### Assigned task
Go through the listing and set it down exactly, leaving out its pictures.

^^^^^^^^

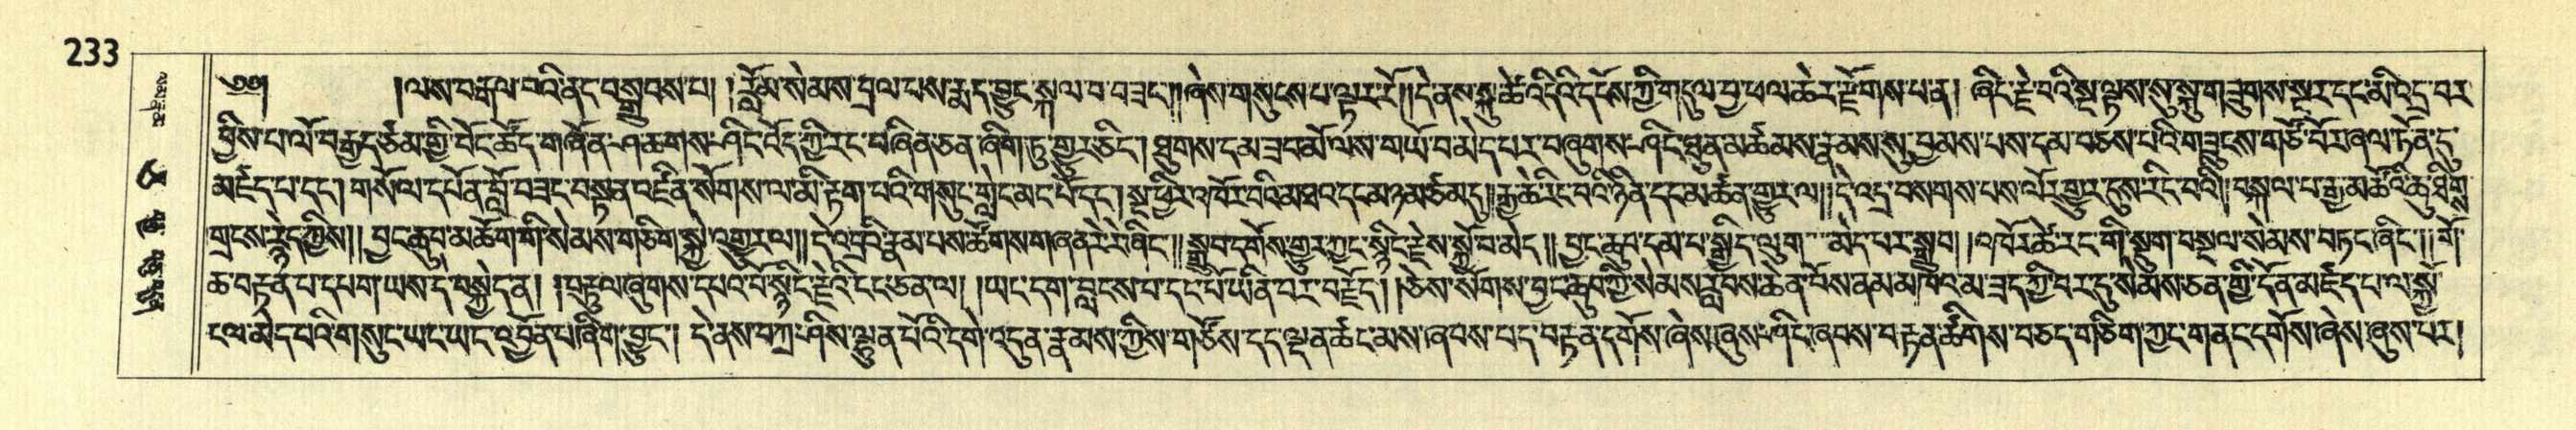༄༅། །ལས་བརྒལ་བའི་ནང་བསྒྲུབས་པ། །རློམ་སེམས་བྲལ་པས་རྨད་བྱུང་སྐལ་བ་བཟང་། །ཞེས་གསུངས་པ་ལྟར་རོ། །དེ་ནས་སྐུ་ཚེ་འདིའི་དངོས་ཀྱི་གདུལ་བྱ་ཕལ་ཆེར་རྫོགས་པ་ན། ཞིང་རྗེ་བའི་སྔ་ལྟས་སུ་སྐུ་གཟུགས་སྔར་དང་མི་འདྲ་བར་
ཕྱིས་པ་ལོ་བརྒྱད་ཙམ་གྱི་བོང་ཚོད་གཞོན་ཤ་ཆགས་ཤིང་འོད་ཀྱི་རང་བཞིན་ཅན་ཞིག་ཏུ་གྱུར་ཅིང་། ཐུགས་དམ་ཟབ་མོ་ལས་གཡོ་བ་མེད་པར་བཞུགས་ཤིང་ཐུན་མཚམས་རྣམས་སུ་བྱམས་པས་དམ་བཅས་པའི་གཟུངས་གཙོ་བོར་ཞལ་ཏོན་དུ་
མཛད་པ་དང་། གསོལ་དཔོན་བློ་བཟང་བསྟན་འཛིན་སོགས་ལ་མི་རྟག་པའི་གསུང་གླེང་མང་པོ་དང་། སྔ་ཕྱིར་འཁོར་བའི་མཐའ་དང་མཉམ་ཙམ་དུ། །རྒྱ་ཆེ་རིང་བའི་ཉིན་དང་མཚན་གྱུར་ལ། །དེ་འདྲ་བསགས་པས་ལོར་གྱུར་དུས་རིང་བའི། །བསྐལ་པ་རྒྱ་མཚོའི་ཆུ་ཐིགས་
གྲངས་རྙེད་ཀྱིས། །བྱང་ཆུབ་མཆོག་གི་སེམས་གཅིག་སྐྱེ་འགྱུར་ལ། །དེ་འདྲའི་རྣམ་པས་ཚོགས་གཞན་རེ་རེ་ཞིང་། །སྒྲུབ་དགོས་གྱུར་ཀྱང་སྙིང་རྗེས་སྐྱོ་བ་མེད། །བྱང་ཆུབ་དམ་པ་སྒྱིད་ལུག་མེད་པར་སྒྲུབ། །འཁོར་ཚེ་རང་གི་སྡུག་བསྔལ་སེམས་བཏང་ཞིང་། །གོ་
ཆ་བརྟན་པ་དཔག་ཡས་དེ་བསྐྱེད་ན། །བརྟུལ་ཞུགས་དཔའ་བོ་སྙིང་རྗེའི་ངང་ཅན་ལ། །ཡང་དག་བླངས་པ་དང་པོ་ཡིན་པར་བརྗོད། །ཅེས་སོགས་བྱང་ཆུབ་ཀྱི་སེམས་རླབས་ཆེན་པོས་ནམ་མཁའ་མ་ཟད་ཀྱི་བར་དུ་སེམས་ཅན་གྱི་དོན་མཛད་པ་ལས་སྐྱོ་
ངལ་མེད་པའི་གསུང་ཡང་ཡང་འབྱོན་པ་ཞིག་བྱུང་། དེ་ནས་བཀྲ་ཤིས་ལྷུན་པོའི་དགེ་འདུན་རྣམས་ཀྱིས་གཙོས་དད་ལྡན་ཚང་མས་ཞབས་པད་བརྟན་དགོས་ཞེས་ཞུས་ཤིང་ཞབས་བརྟན་ཚིགས་བཅད་གཅིག་ཀྱང་གནང་དགོས་ཞེས་ཞུས་པར།

^^^^^^^^

### Task output
༄༅། །ལས་བརྒལ་བའི་ནང་བསྒྲུབས་པ། །རློམ་སེམས་བྲལ་པས་རྨད་བྱུང་སྐལ་བ་བཟང་། །ཞེས་གསུངས་པ་ལྟར་རོ། །དེ་ནས་སྐུ་ཚེ་འདིའི་དངོས་ཀྱི་གདུལ་བྱ་ཕལ་ཆེར་རྫོགས་པ་ན། ཞིང་རྗེ་བའི་སྔ་ལྟས་སུ་སྐུ་གཟུགས་སྔར་དང་མི་འདྲ་བར་
ཕྱིས་པ་ལོ་བརྒྱད་ཙམ་གྱི་བོང་ཚོད་གཞོན་ཤ་ཆགས་ཤིང་འོད་ཀྱི་རང་བཞིན་ཅན་ཞིག་ཏུ་གྱུར་ཅིང་། ཐུགས་དམ་ཟབ་མོ་ལས་གཡོ་བ་མེད་པར་བཞུགས་ཤིང་ཐུན་མཚམས་རྣམས་སུ་བྱམས་པས་དམ་བཅས་པའི་གཟུངས་གཙོ་བོར་ཞལ་ཏོན་དུ་
མཛད་པ་དང་། གསོལ་དཔོན་བློ་བཟང་བསྟན་འཛིན་སོགས་ལ་མི་རྟག་པའི་གསུང་གླེང་མང་པོ་དང་། སྔ་ཕྱིར་འཁོར་བའི་མཐའ་དང་མཉམ་ཙམ་དུ། །རྒྱ་ཆེ་རིང་བའི་ཉིན་དང་མཚན་གྱུར་ལ། །དེ་འདྲ་བསགས་པས་ལོར་གྱུར་དུས་རིང་བའི། །བསྐལ་པ་རྒྱ་མཚོའི་ཆུ་ཐིགས་
གྲངས་རྙེད་ཀྱིས། །བྱང་ཆུབ་མཆོག་གི་སེམས་གཅིག་སྐྱེ་འགྱུར་ལ། །དེ་འདྲའི་རྣམ་པས་ཚོགས་གཞན་རེ་རེ་ཞིང་། །སྒྲུབ་དགོས་གྱུར་ཀྱང་སྙིང་རྗེས་སྐྱོ་བ་མེད། །བྱང་ཆུབ་དམ་པ་སྒྱིད་ལུག་མེད་པར་སྒྲུབ། །འཁོར་ཚེ་རང་གི་སྡུག་བསྔལ་སེམས་བཏང་ཞིང་། །གོ་
ཆ་བརྟན་པ་དཔག་ཡས་དེ་བསྐྱེད་ན། །བརྟུལ་ཞུགས་དཔའ་བོ་སྙིང་རྗེའི་ངང་ཅན་ལ། །ཡང་དག་བླངས་པ་དང་པོ་ཡིན་པར་བརྗོད། །ཅེས་སོགས་བྱང་ཆུབ་ཀྱི་སེམས་རླབས་ཆེན་པོས་ནམ་མཁའ་མ་ཟད་ཀྱི་བར་དུ་སེམས་ཅན་གྱི་དོན་མཛད་པ་ལས་སྐྱོ་
ངལ་མེད་པའི་གསུང་ཡང་ཡང་འབྱོན་པ་ཞིག་བྱུང་། དེ་ནས་བཀྲ་ཤིས་ལྷུན་པོའི་དགེ་འདུན་རྣམས་ཀྱིས་གཙོས་དད་ལྡན་ཚང་མས་ཞབས་པད་བརྟན་དགོས་ཞེས་ཞུས་ཤིང་ཞབས་བརྟན་ཚིགས་བཅད་གཅིག་ཀྱང་གནང་དགོས་ཞེས་ཞུས་པར།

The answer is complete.